THE PROBLEM
Transcribe the entries below without changing a word, and omit every picture.

RECORDS FOR THE EXERCISE
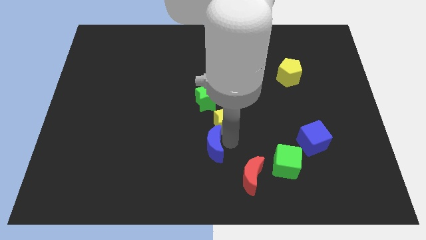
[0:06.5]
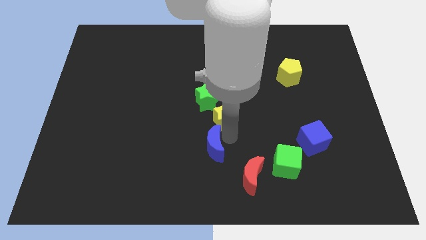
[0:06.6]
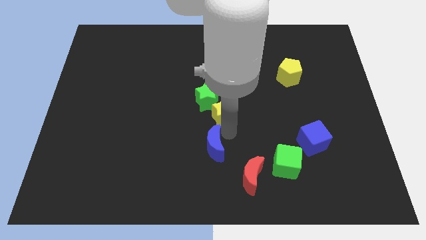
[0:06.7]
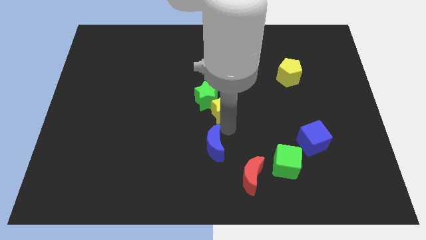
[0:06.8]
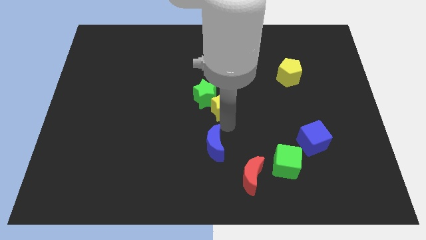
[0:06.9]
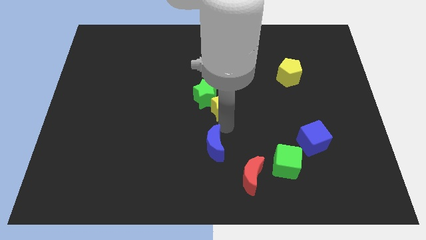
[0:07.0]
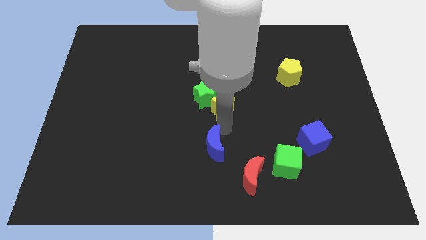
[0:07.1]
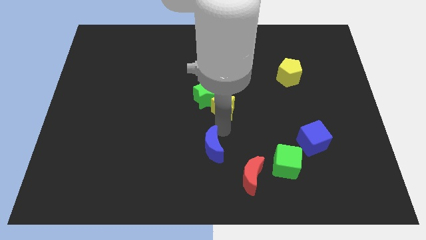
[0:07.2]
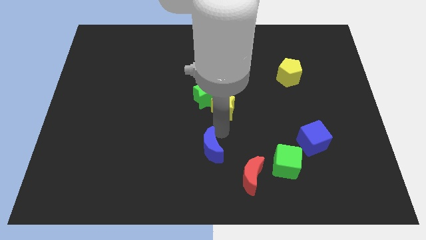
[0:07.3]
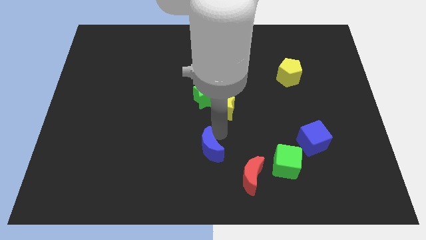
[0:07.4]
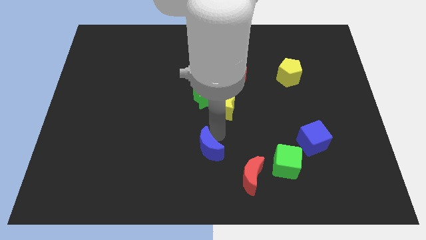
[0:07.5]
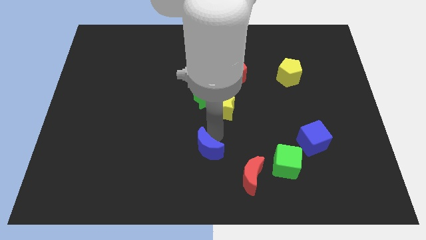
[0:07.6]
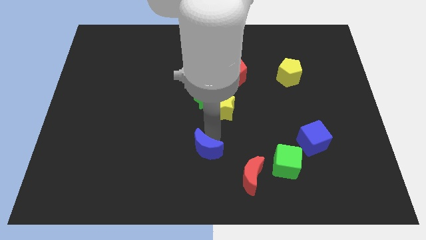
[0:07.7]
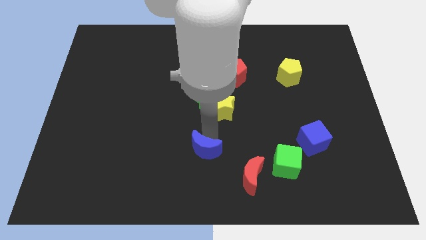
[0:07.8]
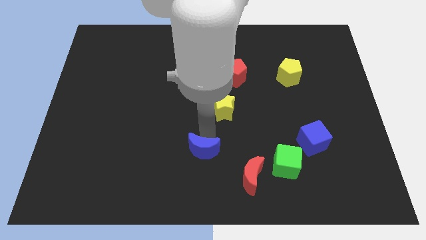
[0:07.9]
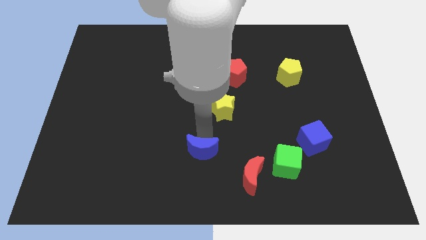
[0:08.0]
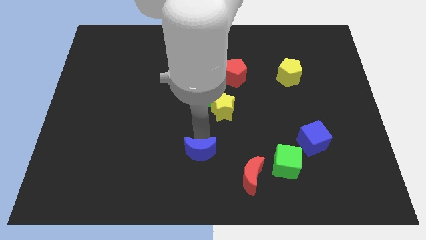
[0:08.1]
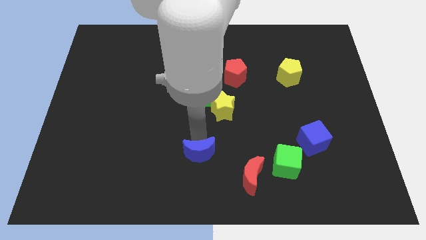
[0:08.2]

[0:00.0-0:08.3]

EXERCISE OUTPUT
[0:06.5]
[0:06.6]
[0:06.7]
[0:06.8]
[0:06.9]
[0:07.0]
[0:07.1]
[0:07.2]
[0:07.3]
[0:07.4]
[0:07.5]
[0:07.6]
[0:07.7]
[0:07.8]
[0:07.9]
[0:08.0]
[0:08.1]
[0:08.2]

[0:00.0-0:08.3]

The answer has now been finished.